Biodiversity dynamics across environmental gradients and under impending environmental change

We live in a time of radical changes and rapid biodiversity loss. To make better predictions of the impacts of anthropogenic change on the world's declining biodiversity, it is crucial to first understand how species are naturally distributed and then assess how their distribution might shift or, worse, disappear. Biodiversity is unequally distributed across the Earth, increasing towards low latitudes, low to intermediate elevations, and intermediate canopy heights within forests. These spatial gradients reflect differences in environmental variables, such as luminosity, temperature and humidity, which affect physiological, demographic, and biotic interaction processes. Species show different preferences for these variables (i.e. ecological niche), which causes biodiversity to peak in areas of high niche overlap, provided that coexistence mechanisms are at play. Both niche-related variables and coexistence mechanisms are being disrupted by humans. Because many environmental variables naturally co-vary, contrasting gradients should provide insights to disentangle their roles in biodiversity dynamics under a changing world. Therefore, this project takes advantage of 1) novel mechanistic models than can simulate contrasting environmental gradients and 2) a biological system of major ecological importance - vascular epiphytes. Vascular epiphytes, including most orchids and bromeliads, are plants growing non-parasitically on trees. They are key to nutrient cycles and interaction networks in tropical forests, accounting for 10% of world's flora and up to 50% of some local floras.

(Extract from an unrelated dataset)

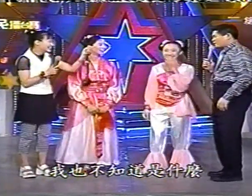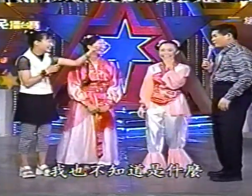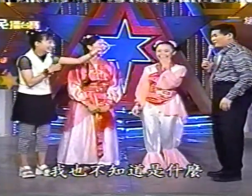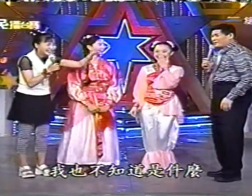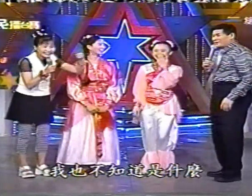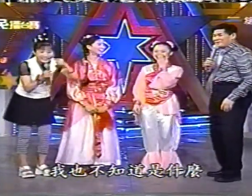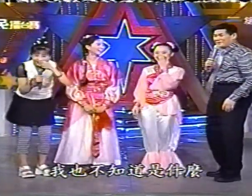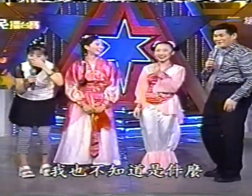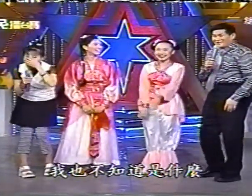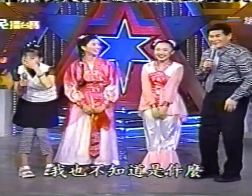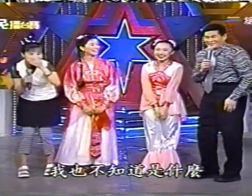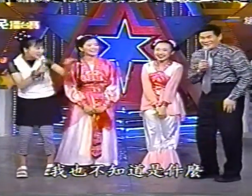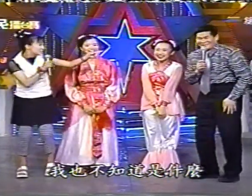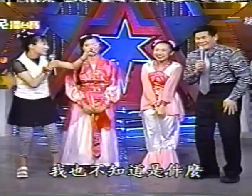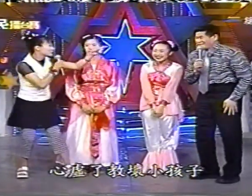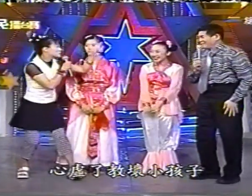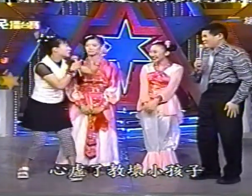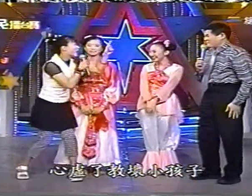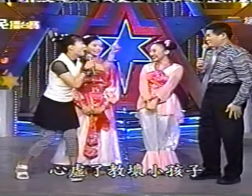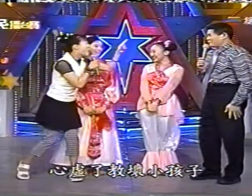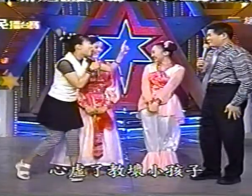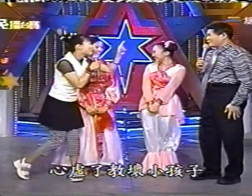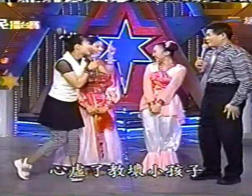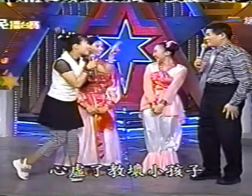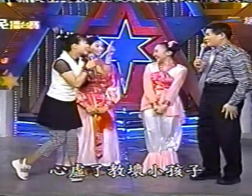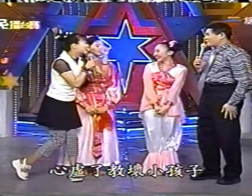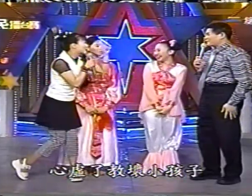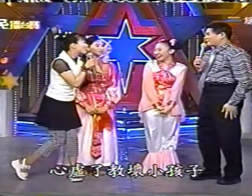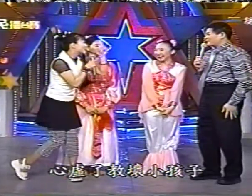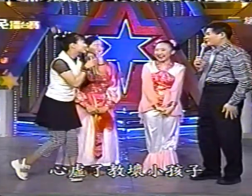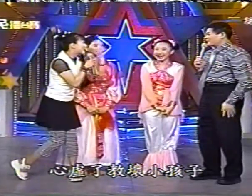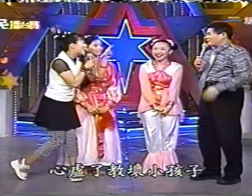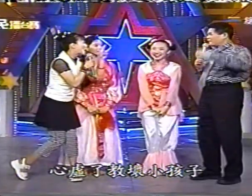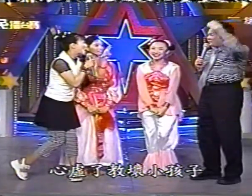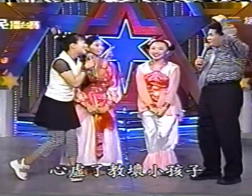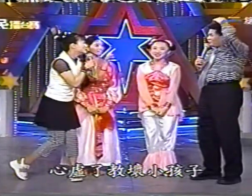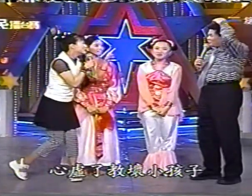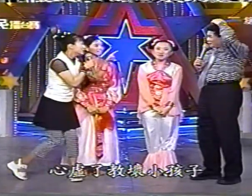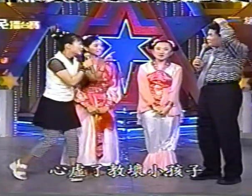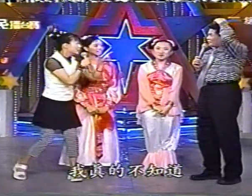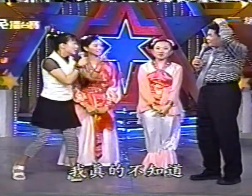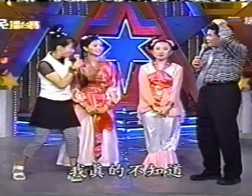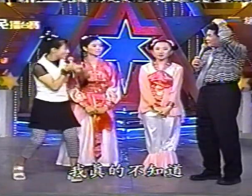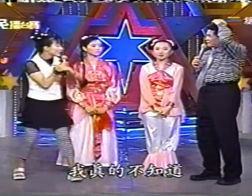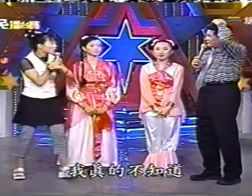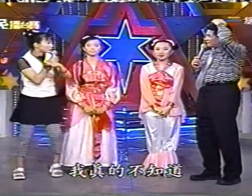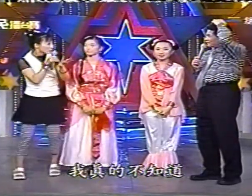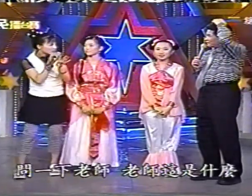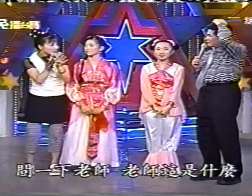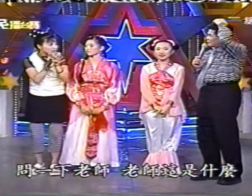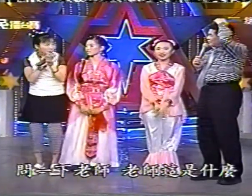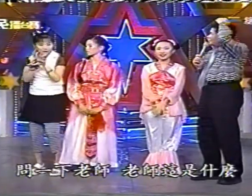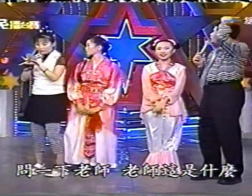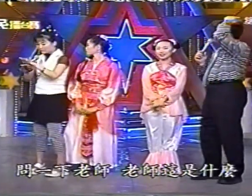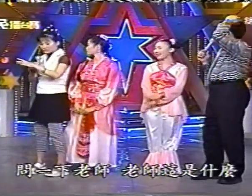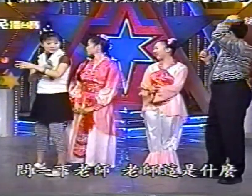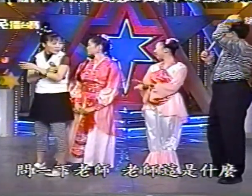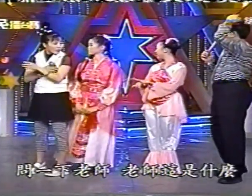是什麼心虛了齁教孩子大小我真的不知道問一下老師老師這是什麼老師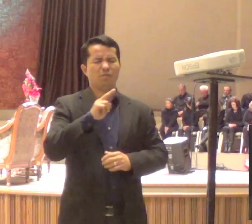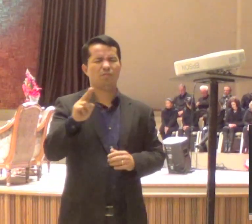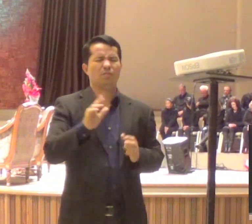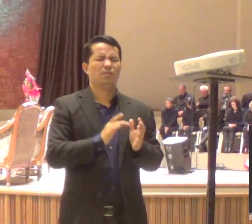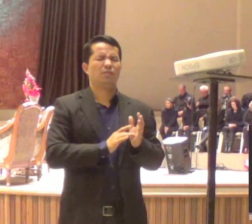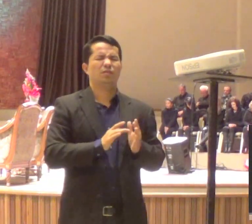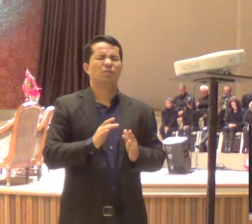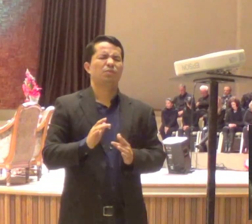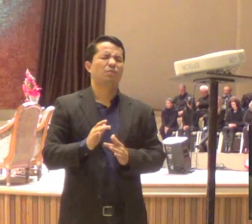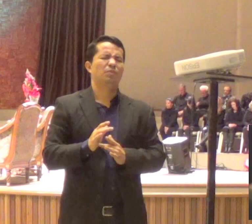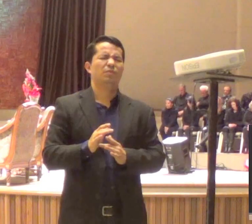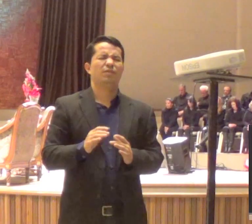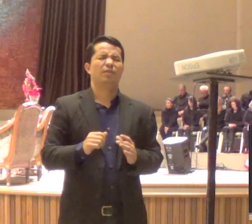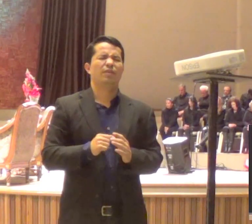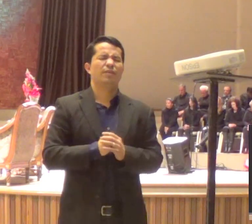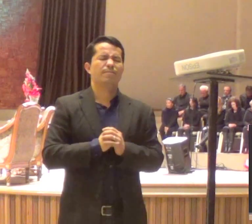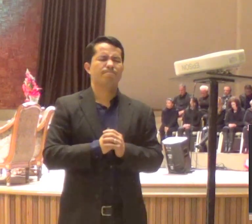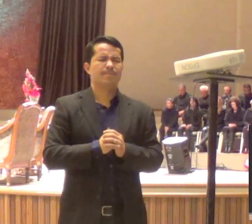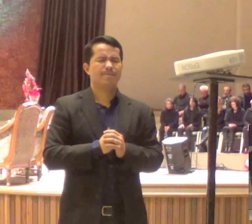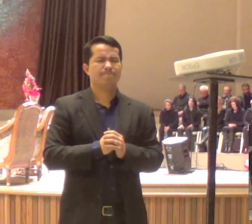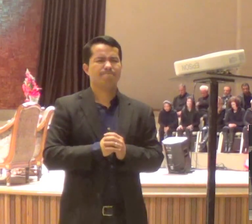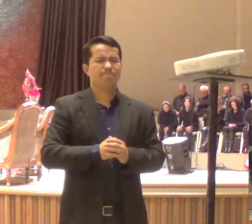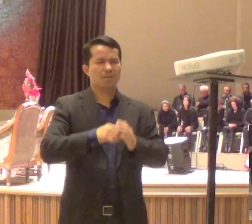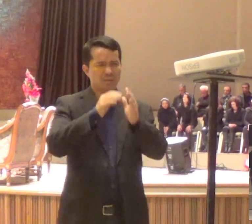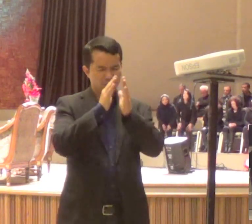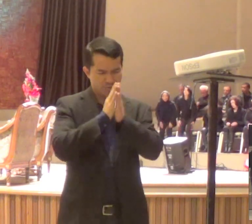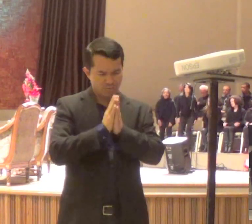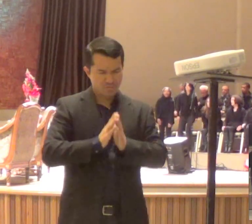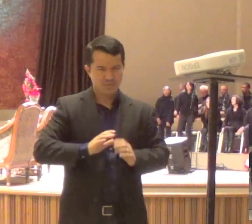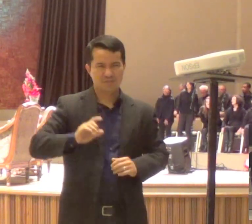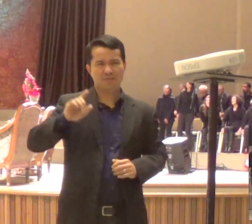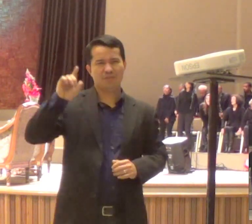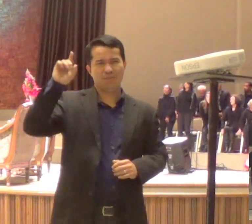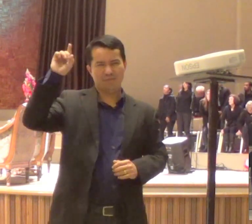e amém, adoremos, ao Senhor, Senhor, o do Senhor. Música

They vary in how they are distributed along vertical and elevational gradients, probably following their temperature and humidity preferences and often being geographically restricted (i.e. endemic and threatened). Epiphytes have been understudied due to difficulties in sampling the forest canopy despite being particularly vulnerable to deforestation and global warming. Hence, simulation experiments are ideal to improve our ecological understanding of the system while also to i) identify the data collection that should be prioritized in empirical studies and ii) explore scenarios of human impacts without manipulating vulnerable biodiversity.